After some research by TAF, Goldenlay was persuaded of the opportunity to reach more local consumers through an improved egg distribution scheme, based on a network of depots and bicycle peddlers. The pilot was extremely successful and has led to the company transforming its entire sales strategy to concentrate more on BoP direct sales. Over 60,000 eggs are now available per day for BoP consumers, 50 jobs have been created along the value chain and over 1,800 micro-entrepreneurs are integrated into Goldenlay’s supply chain with $960,000 in additional revenues mobilised in the first year.

Twenty months after the start of these projects, we have the seen the rewards but also experienced hard lessons along the way. Many people ask us what it practically takes to build win-win public-private partnerships.
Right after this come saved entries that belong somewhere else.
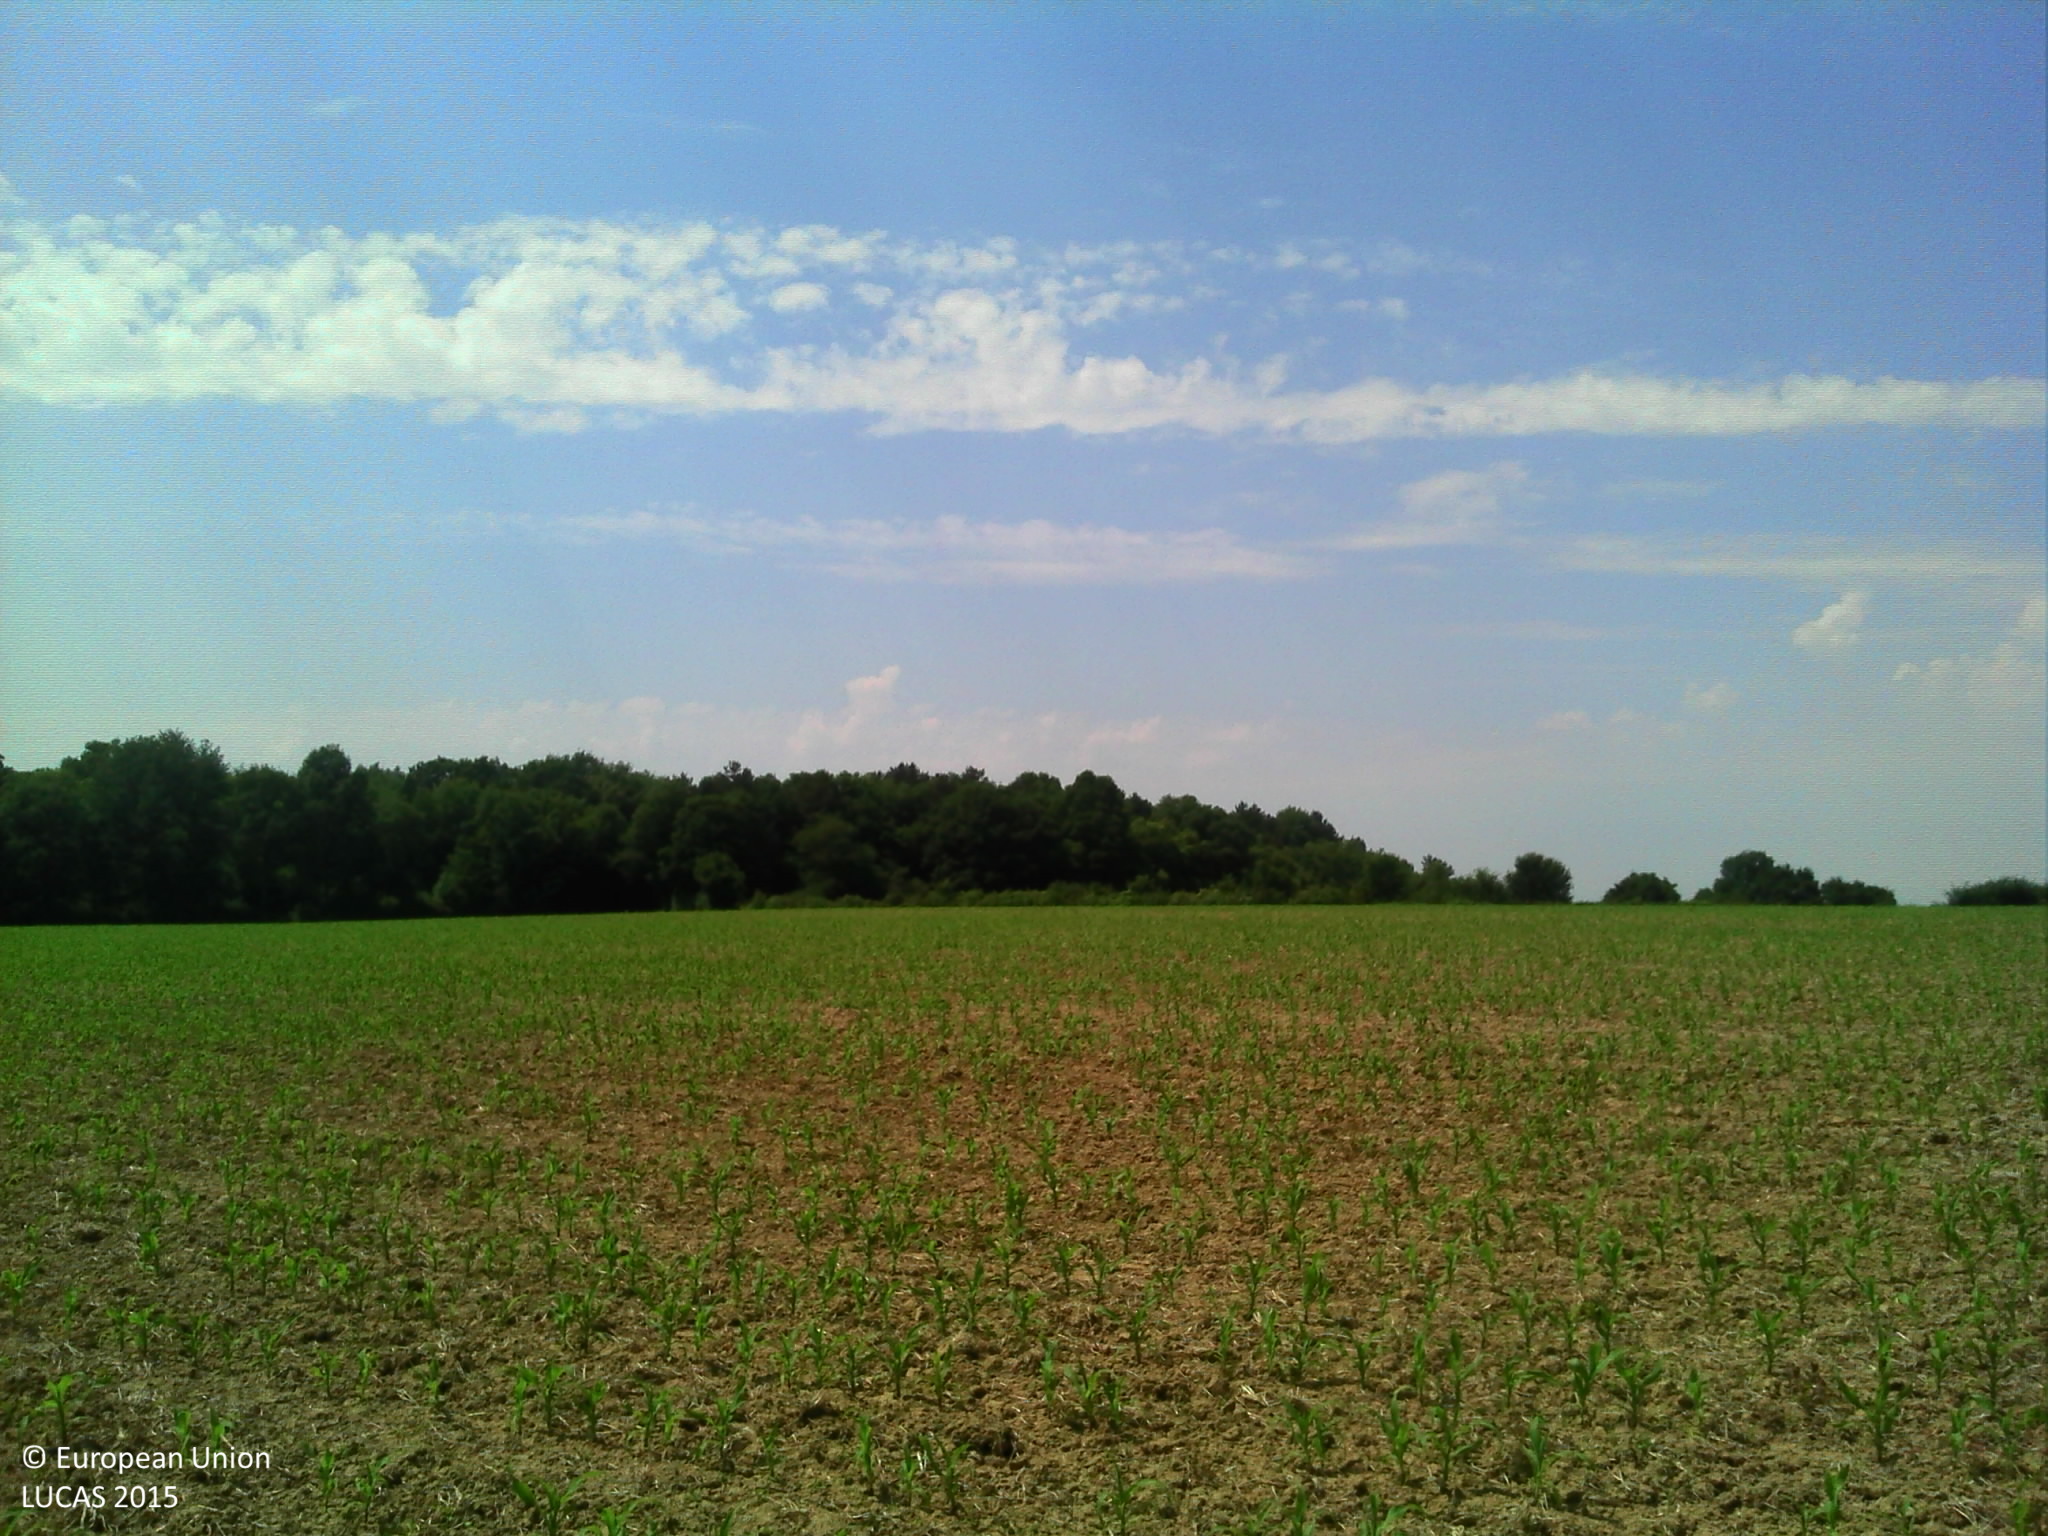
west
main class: Cropland
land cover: Maize
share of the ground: 25 - 50 %
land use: Agriculture (excluding fallow land and kitchen gardens)
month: June
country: FR
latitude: 47.9512
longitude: 0.0237

Below, I’ve shared a few simple tips based on our experience that have made a difference.

Tips

Translation

1.       Show private partners you understand the importance of commercial returns.  

We understand and acknowledge you need to make money and will not do this otherwise.

2.       Do concrete analysis to identify and prove the business case.

Beat the players at their game which practically means:

a) TAF team business modelling; crunching the numbers to convince the company of the commercial value and donors of the additional development impact.

b) Proving it works – often with public funds. Once (and if) the business case is proven, companies will invest alone.

3.       Be flexible and pragmatic; adapting to real issues and operational constraints.

Company will likely adopt a third or less of the Rolls-Royce you proposed …and that’s already a win! (Also see here)

4.       Work through permanent, local market actors to promote sustainability from Day One.

Identify, co-fund and mentor permanent entity staff, with implementation led by participants not TAF teams.

5.       Treat BoP actors as commercial entities not ‘poor farmers’.

Providing free food and/or transport for attending trainings will not help anyone in the long term!

6.       Secure company ‘skin in the game’ (e.g. via cost-share) to ensure buy-in from the onset (Also see here).

Sitting with the partner company for at least half a day to go through operational budgets line by line, negotiating what said partner is willing to ‘give away’. Following this, drafting a tight contract to hold partner accountable and then reminding them of contract terms when cases of amnesia re-occur throughout project timeline.

Based on my experience with Goldenlay and other TAF projects, I believe that commercial and social impact is not conflicting but, more often than not, intricately related and interdependent.  For the next wave of blended financiers, TAF’s story shows that it is possible to “leverage funds that would not normally be associated with commercial investment and deploy this capital in a way that can make huge social impacts” (Phatisa, AAF Fund Manager). It also provides some practical pointers for how one can build trust-based partnerships amongst diverse minded partners to achieve mutual returns, sustainability and scale far beyond initial objectives.

[1] NWK Grain Handlers Limited (NGHL) is a grain handling (storage depot, logistics, procurement agent) business in the Copperbelt. The business is a joint venture between GLL and NWK Agri-Services Zambia Limited (NWK), a cotton and grain procurement and trading company; with AgDevCo UK holding a small minority share. GLL’s interest is to outsource the grain handling and procurement function for its annual maize and soya requirements.

This blog is a part of the June 2017 series on advisory support for inclusive businesses in partnership with USAID and the African Agricultural Fund’s Technical Assistance Facility, both of which deliver advisory support and have new analysis of it just launched (AAF’s TAF) and forthcoming (USAID).